La modulation OFDM présente des avantages et des inconvénients que nous décrivons maintenant. Cette technique permet de lutter contre les trajets multiples avec évanouissement en minimisant l’Interférence Entre Symboles et offre des débits binaires suffisamment élevés (Shigang et collab., 2007). L’encombrement spectral est optimisé grâce à l’orthogonalité des sous-porteuses et l’égalisation fréquentielle est réalisée de façon très simple (on considère que le canal est invariant localement sur chaque sous-porteuse) (Chang, 1966).
Cependant, les caractéristiques temporelles du signal OFDM sont à l’origine des principaux inconvénients rencontrés, tels que les problèmes de synchronisation émetteur/récepteur. Les décalages en fréquence (offset) entre les oscillateurs RF locaux ainsi que le décalage fréquentiel dû à l’effet Doppler génèrent une translation fréquentielle qui perturbe l’orthogonalité des sous-porteuses. L’échantillonnage ne se fait plus sur les maxima de chaque sous-porteuse, ce qui engendre des interférences entre les sous-porteuses (lEP).
Afin de remédier à ce problème, le récepteur OFDM doit inclure un système d’estimation et de correction d’offset afin que la fréquence d’échantillonnage soit corrigée (Young-Chai et Jeong, 2002). De nombreux travaux s’intéressent aux solutions possibles pour estimer séparément les CFO et le canal (Bolcskei, 2001, Chiavaccini et Vitetta, 2004). Néanmoins, il est maintenant connu que les systèmes qui traitent conjointement le problème offrent les meilleures performances (Ghogho et collab., 2009, Nguyen-Le et Le-Ngoc, 2010, Simon et collab., 2011).
En outre, un signal de type OFDM présente de fortes fluctuations d’enveloppe et donc un Peak-ta-Average Power Ratio (PAPR) suffisamment élevé. Cela exige une grande linéarité de l’amplificateur de puissance, ce qui est incompatible avec une consommation optimisée pour une application mobile (Boukour, 2005). Il s’avère alors indispensable d’utiliser des techniques de linéarisation pour l’amplificateur ou des techniques de réduction du PAPR pour le signal OFDM (Anh et collab., 2010, Mahafeno et collab., 2009, Muller et Huber, 1997).

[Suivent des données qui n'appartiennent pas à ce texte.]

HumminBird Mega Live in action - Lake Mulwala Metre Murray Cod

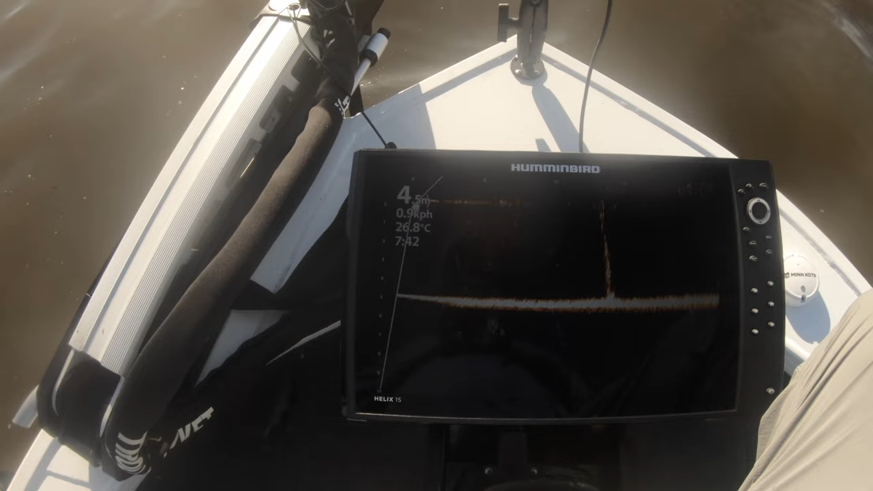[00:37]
On screen: water 26.8°C
is what a cod does when you spook him he goes and sits on the bottom lets out all these bubbles and
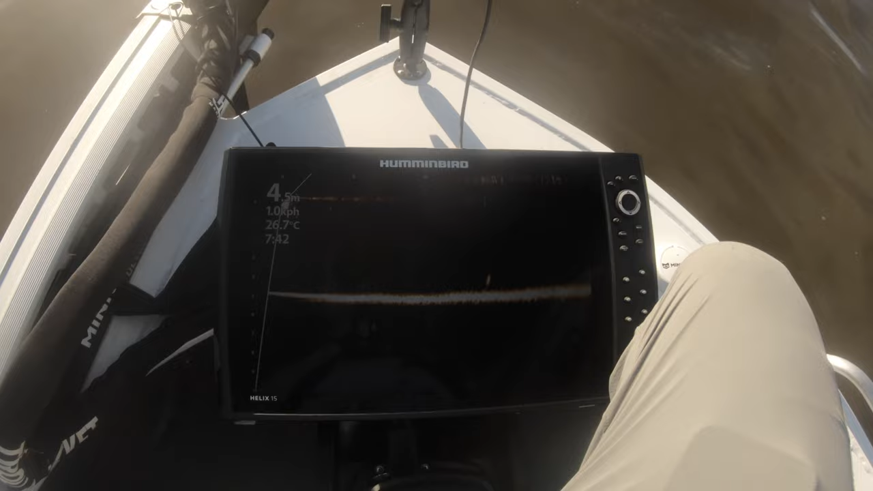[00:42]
then when he's done he just cruises away it's a big fish you see that's what a cod looks like so she's on the bottom it's just come off now lost her out of the beam when you spook them there she is there coming up

Effet Doppler et interférences entre porteuses

Dans ce paragraphe, nous évaluons l’impact du décalage fréquentiel qui génère les interférences entre porteuses (IEP) pendant la réception d’un symbole OFDM. Dans un premier temps, nous allons montrer les conséquences de l’effet Doppler sur la matrice du canal.

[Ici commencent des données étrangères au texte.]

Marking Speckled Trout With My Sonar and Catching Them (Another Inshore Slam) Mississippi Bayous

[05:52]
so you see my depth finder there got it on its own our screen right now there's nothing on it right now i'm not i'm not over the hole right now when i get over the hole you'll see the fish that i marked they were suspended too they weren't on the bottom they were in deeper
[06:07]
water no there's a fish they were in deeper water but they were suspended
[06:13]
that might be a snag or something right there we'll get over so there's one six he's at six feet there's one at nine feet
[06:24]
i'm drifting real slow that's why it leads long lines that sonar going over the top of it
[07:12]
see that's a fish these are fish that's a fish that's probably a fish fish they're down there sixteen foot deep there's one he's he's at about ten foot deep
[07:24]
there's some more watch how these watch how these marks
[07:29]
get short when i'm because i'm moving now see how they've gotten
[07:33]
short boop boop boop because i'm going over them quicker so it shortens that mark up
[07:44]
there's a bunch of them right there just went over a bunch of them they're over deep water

Dans le cas des canaux à variations rapides, la matrice du canal n’est pas diagonale et les méthodes fréquentielles classiques d’estimation du canal (moindres carrées (LS), minimisation de l’erreur quadratique (MMSE), Maximum de vraisemblance (ML)) donnent des mauvaises performances (Hijazi et Ros, 2009, Tang et collab., 2006a,b, Tian et collab., 2007). Les puissances des porteuses sur la diagonale sont dispersées sur son vmsmage. Afin de remédier aux problèmes des méthodes d’estimation fréquentielles, nous estimons le canal dans le domaine temporel. Pour ceci, il convient d’utiliser un modèle susceptible de traduire les variations temporelles d’une manière adéquate. L’utilisation du développement en fonctions de base (BEM) est une des solutions particulièrement utiles afin de suivre les variations temporelles du canal. Nous avons choisi cette méthode et nous la détaillerons plus loin dans le chapitre. Dans la suite, nous donnons un exemple d’une matrice du canal pour un symbole OFDM de taille égale à 64. Le but est de montrer l’effet de la mobilité sur le comportement de la matrice du canal.

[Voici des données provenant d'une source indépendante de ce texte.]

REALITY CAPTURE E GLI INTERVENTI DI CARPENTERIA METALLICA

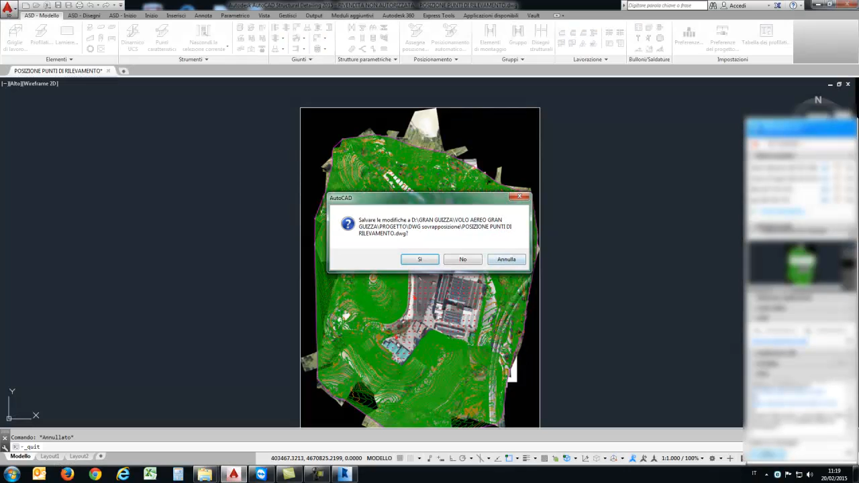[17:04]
di Autodesk quando vado al disegno esecutivo di officina quindi AutoCAD struttura detailing
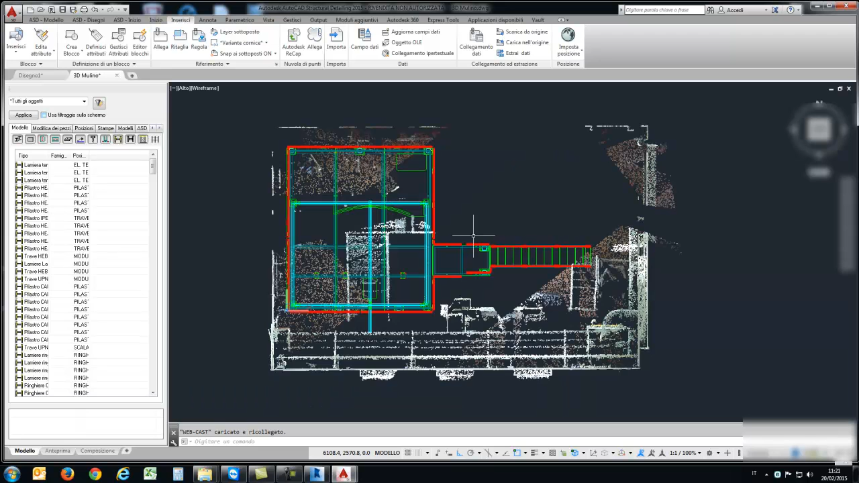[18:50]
faccio ricarica nuvola di punti ecco vi faccio notare che lui va a caricare all'interno di di outlet e quindi in questo caso di sd la nuvola
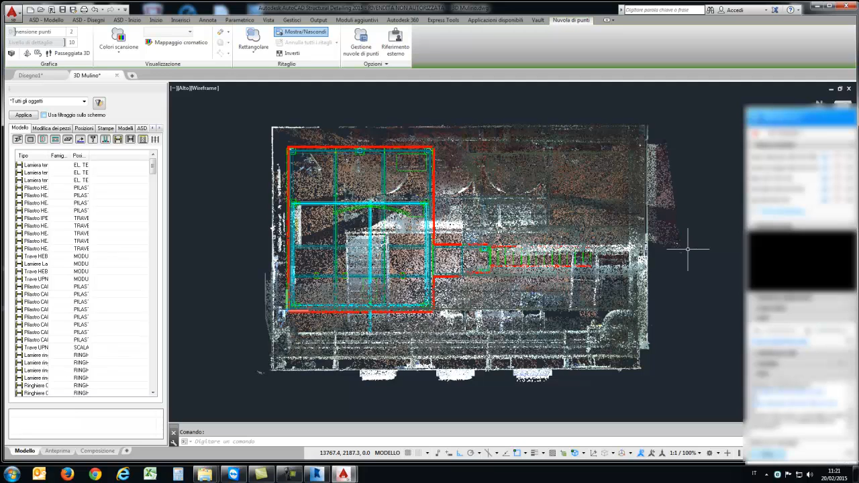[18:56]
scansionata ritagliata in questo caso ho isolato un singolo vano all'interno del quale devo andare a posizionare il mio mezzanino
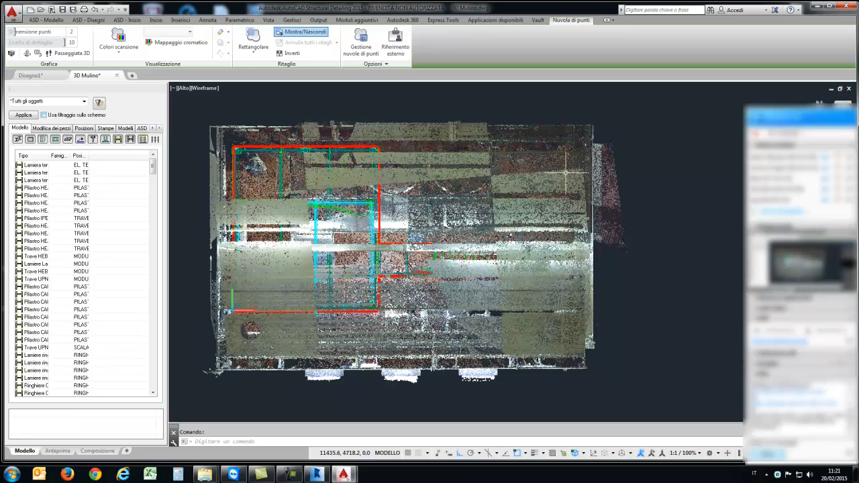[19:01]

Dans un canal statique (ou à variations lentes) où les variations temporelles du canal pendant un symbole OFDM sont négligeables, la matrice du canal dans le domaine fréquentiel est diagonale. Les éléments de cette diagonale sont les moyennes temporelles de la réponse fréquentielle du canal. Les lignes (colonnes) de la matrice du canal diagonale, qui sont mieux connues par les sous-porteuses OFDM, sont orthogonales les unes avec les autres.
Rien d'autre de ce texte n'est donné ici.